Repeat the entries verbatim.

-----

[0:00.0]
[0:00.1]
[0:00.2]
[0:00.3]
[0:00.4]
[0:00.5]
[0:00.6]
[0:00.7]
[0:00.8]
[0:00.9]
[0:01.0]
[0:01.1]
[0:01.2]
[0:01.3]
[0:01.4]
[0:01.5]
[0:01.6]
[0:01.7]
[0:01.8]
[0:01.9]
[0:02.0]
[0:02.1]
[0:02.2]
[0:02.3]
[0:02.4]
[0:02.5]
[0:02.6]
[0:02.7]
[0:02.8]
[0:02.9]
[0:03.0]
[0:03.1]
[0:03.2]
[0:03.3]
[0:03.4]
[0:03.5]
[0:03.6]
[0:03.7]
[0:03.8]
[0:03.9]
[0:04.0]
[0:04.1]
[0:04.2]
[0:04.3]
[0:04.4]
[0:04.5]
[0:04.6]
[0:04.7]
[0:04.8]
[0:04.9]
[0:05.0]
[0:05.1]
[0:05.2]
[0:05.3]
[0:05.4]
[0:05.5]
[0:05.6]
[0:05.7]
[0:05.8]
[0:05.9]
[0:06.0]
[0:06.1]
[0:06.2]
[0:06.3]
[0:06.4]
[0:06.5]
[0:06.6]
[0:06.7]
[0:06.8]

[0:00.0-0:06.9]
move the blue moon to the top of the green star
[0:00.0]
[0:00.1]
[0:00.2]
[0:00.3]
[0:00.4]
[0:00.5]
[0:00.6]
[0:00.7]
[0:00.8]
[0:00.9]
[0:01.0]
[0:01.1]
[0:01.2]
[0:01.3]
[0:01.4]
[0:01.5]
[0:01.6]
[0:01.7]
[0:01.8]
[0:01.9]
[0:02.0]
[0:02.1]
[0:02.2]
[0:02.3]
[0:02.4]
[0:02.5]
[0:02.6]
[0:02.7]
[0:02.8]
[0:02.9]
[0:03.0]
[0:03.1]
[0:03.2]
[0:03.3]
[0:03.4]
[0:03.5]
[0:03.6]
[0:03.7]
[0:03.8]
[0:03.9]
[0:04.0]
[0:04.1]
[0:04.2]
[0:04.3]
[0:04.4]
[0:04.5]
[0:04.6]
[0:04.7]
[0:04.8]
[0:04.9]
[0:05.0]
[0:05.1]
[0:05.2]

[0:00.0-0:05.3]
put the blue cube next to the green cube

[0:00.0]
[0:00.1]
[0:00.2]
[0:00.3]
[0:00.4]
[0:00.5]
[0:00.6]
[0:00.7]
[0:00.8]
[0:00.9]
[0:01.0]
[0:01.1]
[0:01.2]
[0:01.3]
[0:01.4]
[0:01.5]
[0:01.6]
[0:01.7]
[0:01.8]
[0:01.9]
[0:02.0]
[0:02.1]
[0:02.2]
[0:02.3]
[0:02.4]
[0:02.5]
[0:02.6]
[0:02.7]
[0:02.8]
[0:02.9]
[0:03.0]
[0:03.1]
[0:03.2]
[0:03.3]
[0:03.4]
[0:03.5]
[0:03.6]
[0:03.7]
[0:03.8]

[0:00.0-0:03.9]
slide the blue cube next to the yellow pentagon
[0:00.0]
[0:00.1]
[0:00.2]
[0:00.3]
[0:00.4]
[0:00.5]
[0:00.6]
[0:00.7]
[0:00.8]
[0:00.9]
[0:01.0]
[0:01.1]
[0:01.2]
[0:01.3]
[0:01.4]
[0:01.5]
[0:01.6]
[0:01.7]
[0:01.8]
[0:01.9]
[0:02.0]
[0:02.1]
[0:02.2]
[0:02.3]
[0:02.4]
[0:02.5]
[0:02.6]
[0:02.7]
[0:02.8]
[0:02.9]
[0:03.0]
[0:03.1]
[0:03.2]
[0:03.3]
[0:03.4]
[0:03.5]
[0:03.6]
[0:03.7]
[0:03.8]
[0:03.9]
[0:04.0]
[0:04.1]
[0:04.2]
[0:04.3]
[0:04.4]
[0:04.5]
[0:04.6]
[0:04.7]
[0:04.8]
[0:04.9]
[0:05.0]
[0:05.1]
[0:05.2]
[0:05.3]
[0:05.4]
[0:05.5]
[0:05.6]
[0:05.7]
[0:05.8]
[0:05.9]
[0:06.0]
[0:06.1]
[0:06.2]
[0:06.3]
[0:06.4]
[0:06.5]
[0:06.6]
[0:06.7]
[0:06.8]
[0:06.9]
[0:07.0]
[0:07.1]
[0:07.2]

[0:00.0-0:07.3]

-----

OUTPUT OF THE EXERCISE
[0:00.0]
[0:00.1]
[0:00.2]
[0:00.3]
[0:00.4]
[0:00.5]
[0:00.6]
[0:00.7]
[0:00.8]
[0:00.9]
[0:01.0]
[0:01.1]
[0:01.2]
[0:01.3]
[0:01.4]
[0:01.5]
[0:01.6]
[0:01.7]
[0:01.8]
[0:01.9]
[0:02.0]
[0:02.1]
[0:02.2]
[0:02.3]
[0:02.4]
[0:02.5]
[0:02.6]
[0:02.7]
[0:02.8]
[0:02.9]
[0:03.0]
[0:03.1]
[0:03.2]
[0:03.3]
[0:03.4]
[0:03.5]
[0:03.6]
[0:03.7]
[0:03.8]
[0:03.9]
[0:04.0]
[0:04.1]
[0:04.2]
[0:04.3]
[0:04.4]
[0:04.5]
[0:04.6]
[0:04.7]
[0:04.8]
[0:04.9]
[0:05.0]
[0:05.1]
[0:05.2]
[0:05.3]
[0:05.4]
[0:05.5]
[0:05.6]
[0:05.7]
[0:05.8]
[0:05.9]
[0:06.0]
[0:06.1]
[0:06.2]
[0:06.3]
[0:06.4]
[0:06.5]
[0:06.6]
[0:06.7]
[0:06.8]

[0:00.0-0:06.9]
move the blue moon to the top of the green star
[0:00.0]
[0:00.1]
[0:00.2]
[0:00.3]
[0:00.4]
[0:00.5]
[0:00.6]
[0:00.7]
[0:00.8]
[0:00.9]
[0:01.0]
[0:01.1]
[0:01.2]
[0:01.3]
[0:01.4]
[0:01.5]
[0:01.6]
[0:01.7]
[0:01.8]
[0:01.9]
[0:02.0]
[0:02.1]
[0:02.2]
[0:02.3]
[0:02.4]
[0:02.5]
[0:02.6]
[0:02.7]
[0:02.8]
[0:02.9]
[0:03.0]
[0:03.1]
[0:03.2]
[0:03.3]
[0:03.4]
[0:03.5]
[0:03.6]
[0:03.7]
[0:03.8]
[0:03.9]
[0:04.0]
[0:04.1]
[0:04.2]
[0:04.3]
[0:04.4]
[0:04.5]
[0:04.6]
[0:04.7]
[0:04.8]
[0:04.9]
[0:05.0]
[0:05.1]
[0:05.2]

[0:00.0-0:05.3]
put the blue cube next to the green cube

[0:00.0]
[0:00.1]
[0:00.2]
[0:00.3]
[0:00.4]
[0:00.5]
[0:00.6]
[0:00.7]
[0:00.8]
[0:00.9]
[0:01.0]
[0:01.1]
[0:01.2]
[0:01.3]
[0:01.4]
[0:01.5]
[0:01.6]
[0:01.7]
[0:01.8]
[0:01.9]
[0:02.0]
[0:02.1]
[0:02.2]
[0:02.3]
[0:02.4]
[0:02.5]
[0:02.6]
[0:02.7]
[0:02.8]
[0:02.9]
[0:03.0]
[0:03.1]
[0:03.2]
[0:03.3]
[0:03.4]
[0:03.5]
[0:03.6]
[0:03.7]
[0:03.8]

[0:00.0-0:03.9]
slide the blue cube next to the yellow pentagon
[0:00.0]
[0:00.1]
[0:00.2]
[0:00.3]
[0:00.4]
[0:00.5]
[0:00.6]
[0:00.7]
[0:00.8]
[0:00.9]
[0:01.0]
[0:01.1]
[0:01.2]
[0:01.3]
[0:01.4]
[0:01.5]
[0:01.6]
[0:01.7]
[0:01.8]
[0:01.9]
[0:02.0]
[0:02.1]
[0:02.2]
[0:02.3]
[0:02.4]
[0:02.5]
[0:02.6]
[0:02.7]
[0:02.8]
[0:02.9]
[0:03.0]
[0:03.1]
[0:03.2]
[0:03.3]
[0:03.4]
[0:03.5]
[0:03.6]
[0:03.7]
[0:03.8]
[0:03.9]
[0:04.0]
[0:04.1]
[0:04.2]
[0:04.3]
[0:04.4]
[0:04.5]
[0:04.6]
[0:04.7]
[0:04.8]
[0:04.9]
[0:05.0]
[0:05.1]
[0:05.2]
[0:05.3]
[0:05.4]
[0:05.5]
[0:05.6]
[0:05.7]
[0:05.8]
[0:05.9]
[0:06.0]
[0:06.1]
[0:06.2]
[0:06.3]
[0:06.4]
[0:06.5]
[0:06.6]
[0:06.7]
[0:06.8]
[0:06.9]
[0:07.0]
[0:07.1]
[0:07.2]

[0:00.0-0:07.3]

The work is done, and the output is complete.